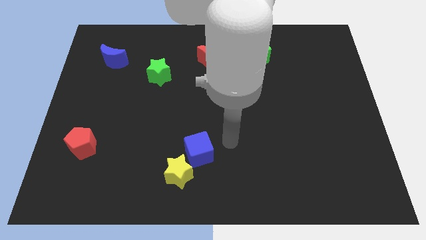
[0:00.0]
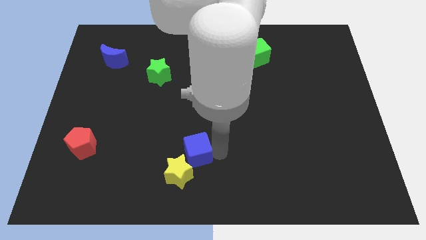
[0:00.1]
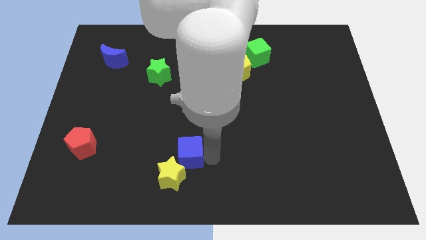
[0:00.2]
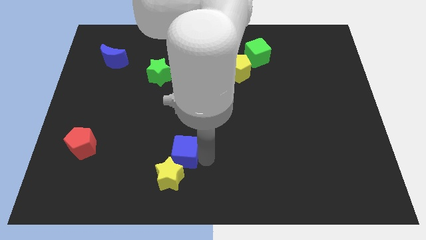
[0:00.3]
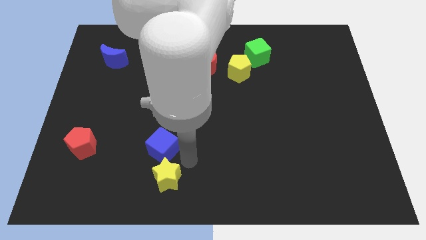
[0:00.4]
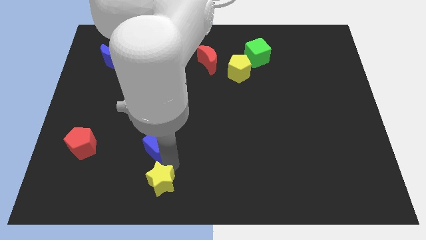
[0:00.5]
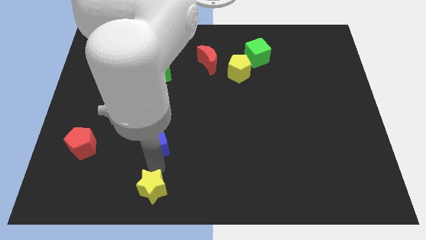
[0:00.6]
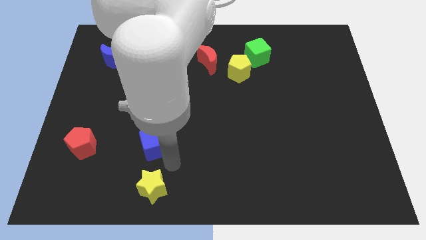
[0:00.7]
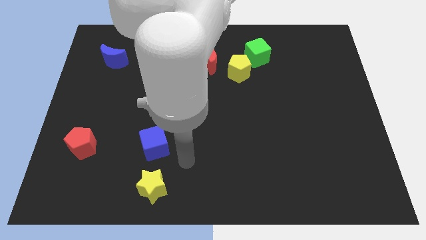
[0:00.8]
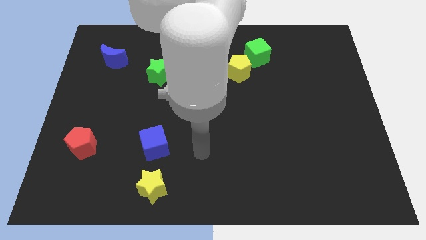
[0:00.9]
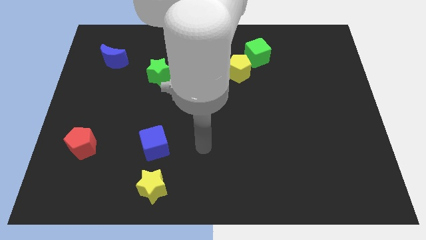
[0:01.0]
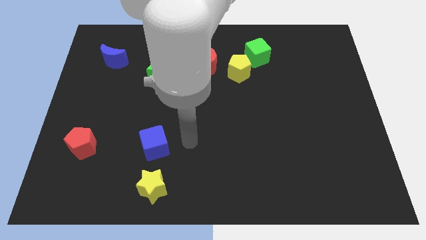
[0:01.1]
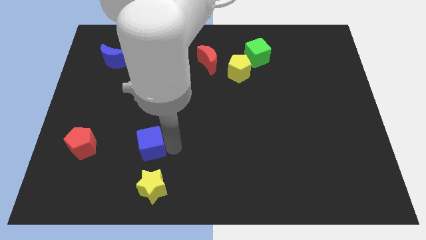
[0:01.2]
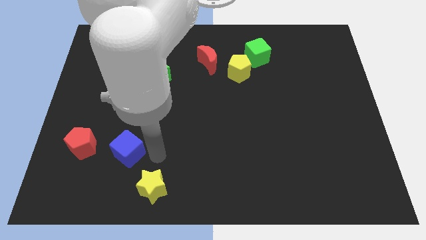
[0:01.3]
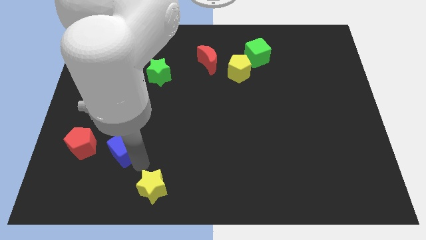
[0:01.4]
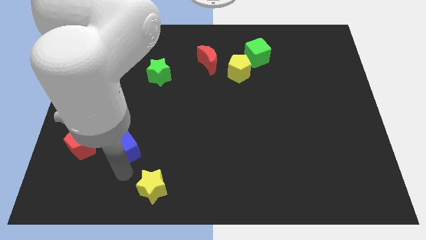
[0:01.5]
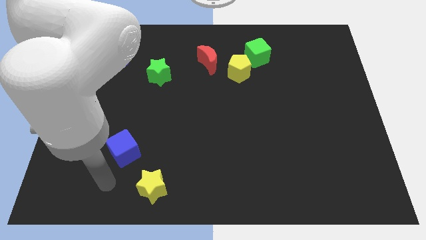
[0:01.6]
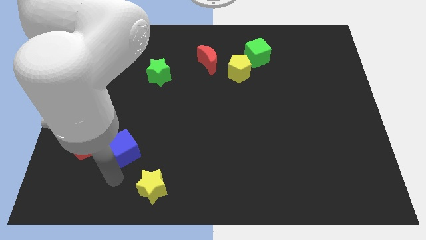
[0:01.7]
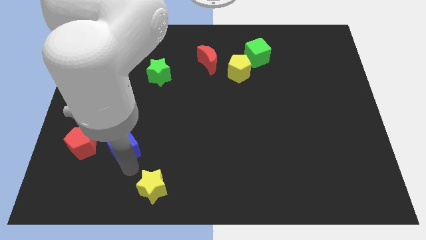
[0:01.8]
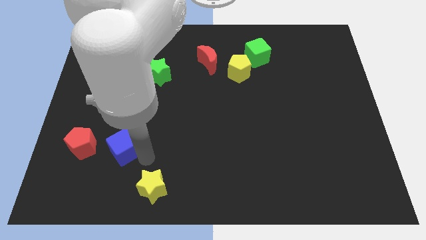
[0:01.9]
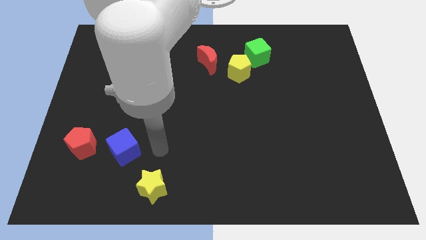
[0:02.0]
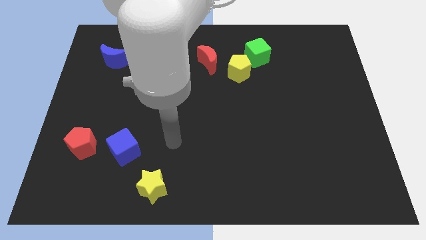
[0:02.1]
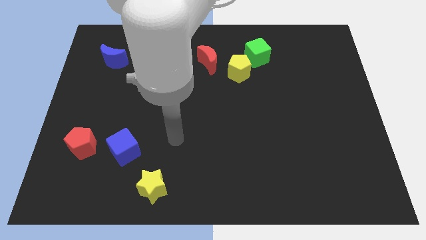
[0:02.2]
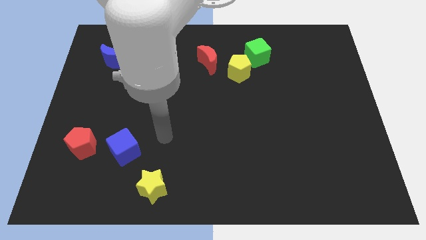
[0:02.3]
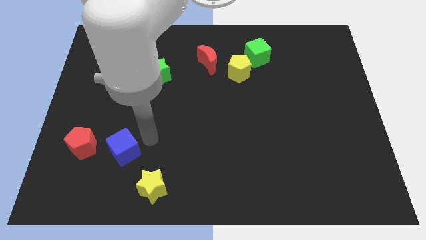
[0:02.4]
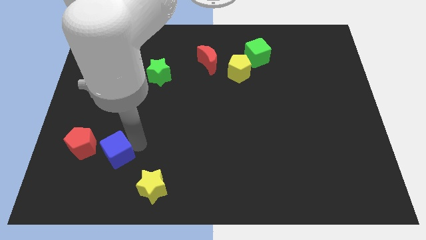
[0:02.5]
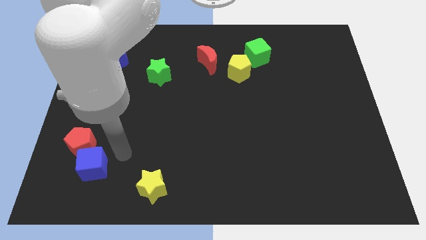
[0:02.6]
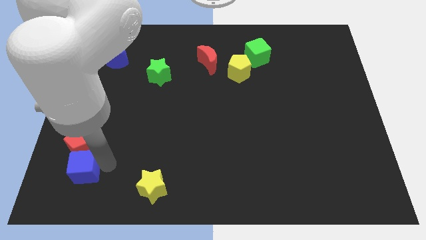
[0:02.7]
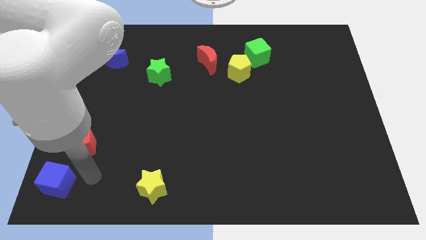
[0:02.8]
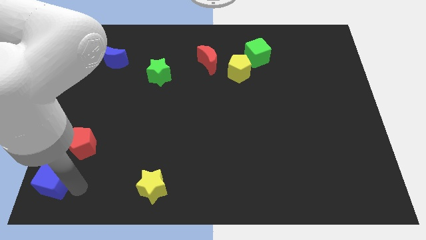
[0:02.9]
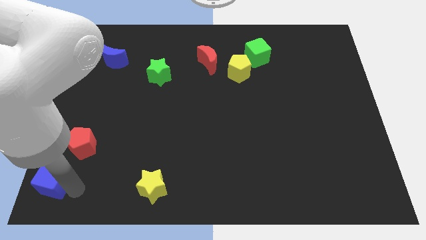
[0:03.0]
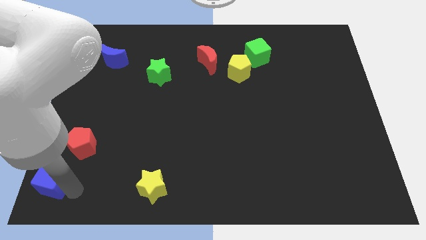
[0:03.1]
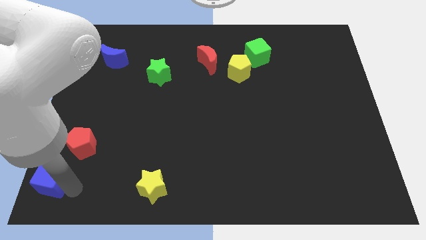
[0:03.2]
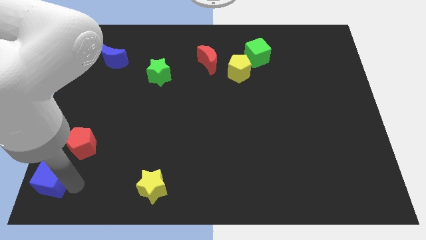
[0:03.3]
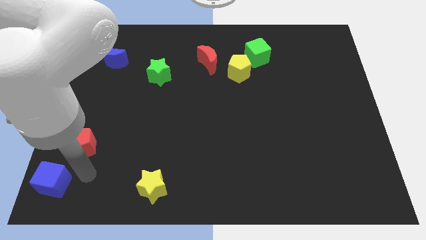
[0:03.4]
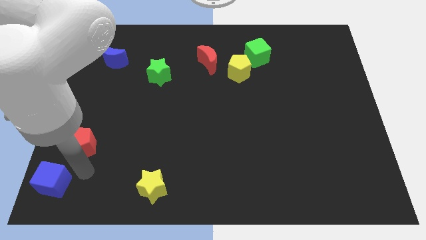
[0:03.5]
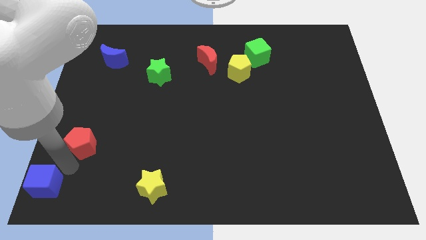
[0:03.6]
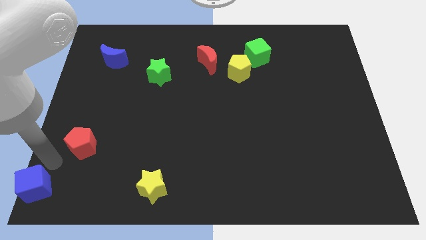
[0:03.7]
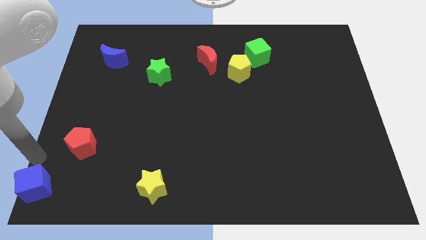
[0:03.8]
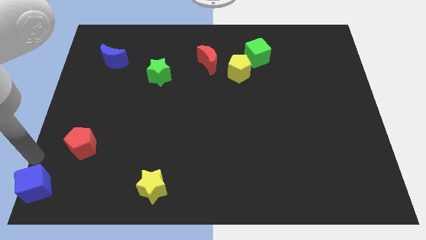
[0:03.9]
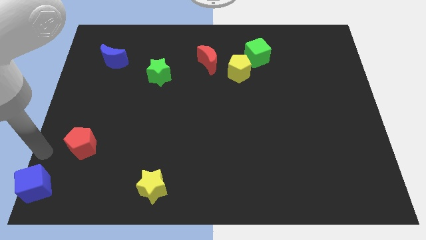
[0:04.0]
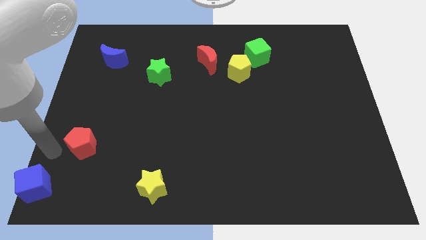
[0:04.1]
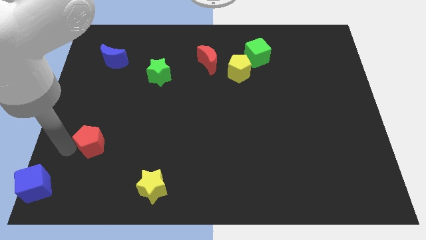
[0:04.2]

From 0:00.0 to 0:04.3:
move the blue cube to the bottom left corner of the board

------------------------------

EXERCISE: Would you please repeat the entries above verbatim, excluding each picture?

SOLUTION FOR THIS EXERCISE:
[0:00.0]
[0:00.1]
[0:00.2]
[0:00.3]
[0:00.4]
[0:00.5]
[0:00.6]
[0:00.7]
[0:00.8]
[0:00.9]
[0:01.0]
[0:01.1]
[0:01.2]
[0:01.3]
[0:01.4]
[0:01.5]
[0:01.6]
[0:01.7]
[0:01.8]
[0:01.9]
[0:02.0]
[0:02.1]
[0:02.2]
[0:02.3]
[0:02.4]
[0:02.5]
[0:02.6]
[0:02.7]
[0:02.8]
[0:02.9]
[0:03.0]
[0:03.1]
[0:03.2]
[0:03.3]
[0:03.4]
[0:03.5]
[0:03.6]
[0:03.7]
[0:03.8]
[0:03.9]
[0:04.0]
[0:04.1]
[0:04.2]

From 0:00.0 to 0:04.3:
move the blue cube to the bottom left corner of the board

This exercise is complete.